Мария абсолютно безо всякой стыдливости сбросила с себя костюм, в котором была, и принялась натягивать медицинскую форму. Готтфрид на секунду отвлекся на Тило – тот пожирал Марию глазами, и Готтфриду отчаянно захотелось воткнуть в эти самые глаза что-нибудь острое.
– Сойдет, – резюмировал Готтфрид, завернув штанины брюк и запихав их в сапоги.
– Ну, как бы тебе сказать, – Алоиз потер подбородок. – Плотнее ремень затяни, только на пряжку не нажимай. Выглядишь, как фюрерюгендовец в форме отца.
– Оружие? – Мария деловито протянула руку.
Одетая, с собранными в аккуратный пучок волосами – и только как, Готтфрид не видел ни одной заколки! – она выглядела неотличимо от партийных женщин.
– Автоматы. Для вас, – Тило кивнул на тюк.
– Готовы? – Алоиз переминался с ноги на ногу.
– Магдалина, – жестко сказала Мария.
– Заботиться надо о живых, – отрезал Тило. – Быстро, я закрою камеру. И да, вот ваши пропуска, – он выдал им два бейджа с магнитными картами. – Но лучше бы нам никому не попадаться на глаза.

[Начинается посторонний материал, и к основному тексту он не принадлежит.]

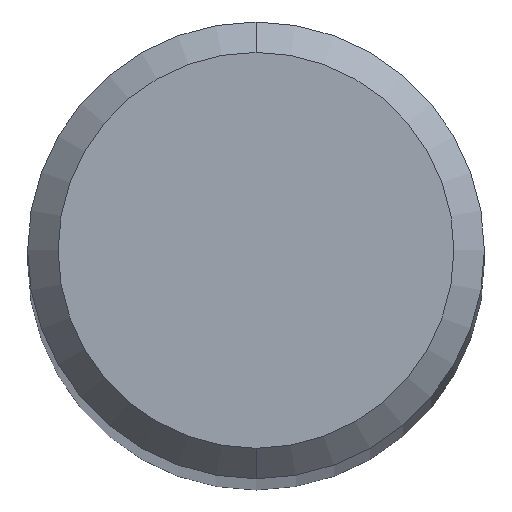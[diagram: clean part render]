
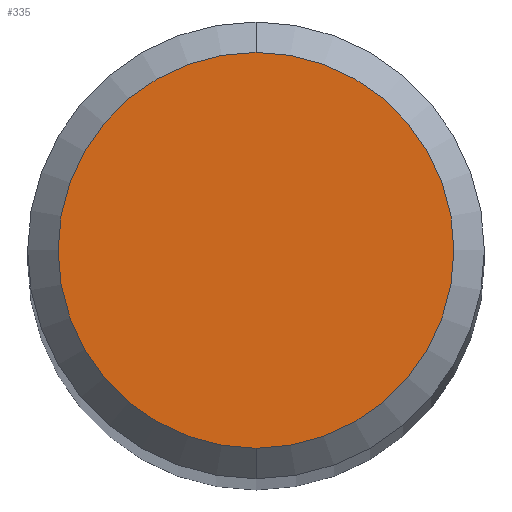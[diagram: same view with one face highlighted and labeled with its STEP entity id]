
A CAD part, top view. The second image highlights one B-rep face of the part: STEP entity #335.
In plain terms, the highlighted planar face has unit normal (0, 0, 1).
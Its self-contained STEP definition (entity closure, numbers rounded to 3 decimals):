
#335=ADVANCED_FACE('',(#889),#890,.T.);
#345=VERTEX_POINT('',#902);
#347=VERTEX_POINT('',#904);
#537=EDGE_CURVE('',#347,#345,#1114,.T.);
#735=EDGE_CURVE('',#345,#347,#1326,.T.);
#889=FACE_OUTER_BOUND('',#1618,.T.);
#890=PLANE('',#1619);
#902=CARTESIAN_POINT('',(0.0,2.6,0.0));
#904=CARTESIAN_POINT('',(0.,-2.6,0.0));
#1114=CIRCLE('',#2588,2.6);
#1326=CIRCLE('',#3597,2.6);
#1618=EDGE_LOOP('',(#4193,#4194));
#1619=AXIS2_PLACEMENT_3D('',#4195,#4196,#4197);
#2588=AXIS2_PLACEMENT_3D('',#4520,#4521,#4522);
#3597=AXIS2_PLACEMENT_3D('',#4749,#4750,#4751);
#4193=ORIENTED_EDGE('',*,*,#735,.F.);
#4194=ORIENTED_EDGE('',*,*,#537,.F.);
#4195=CARTESIAN_POINT('',(0.0,1.3,0.0));
#4196=DIRECTION('',(-0.0,0.0,1.0));
#4197=DIRECTION('',(0.0,-1.0,0.0));
#4520=CARTESIAN_POINT('',(0.0,0.0,0.0));
#4521=DIRECTION('',(0.0,0.0,-1.0));
#4522=DIRECTION('',(0.0,1.0,0.0));
#4749=CARTESIAN_POINT('',(0.0,0.0,0.0));
#4750=DIRECTION('',(0.0,0.0,-1.0));
#4751=DIRECTION('',(0.0,1.0,0.0));

– Сюда, – указал Алоиз. – А теперь следуйте за мной. Огонь открываем только в самых крайних ситуациях. Тут сейчас нет патрульных – все заперто с Центральной консоли. Все силы стянули в город, на средние уровни.
Они бежали за Алоизом следом. Тило был замыкающим, и Готтфриду это не нравилось – он не был готов подставить этому таракану спину. Но выбора не оставалось. Мария ступала твердо, уверенно сжимая Готтфридову ладонь, и он поражался ее стойкости и проникался к ней еще большим уважением и трепетом.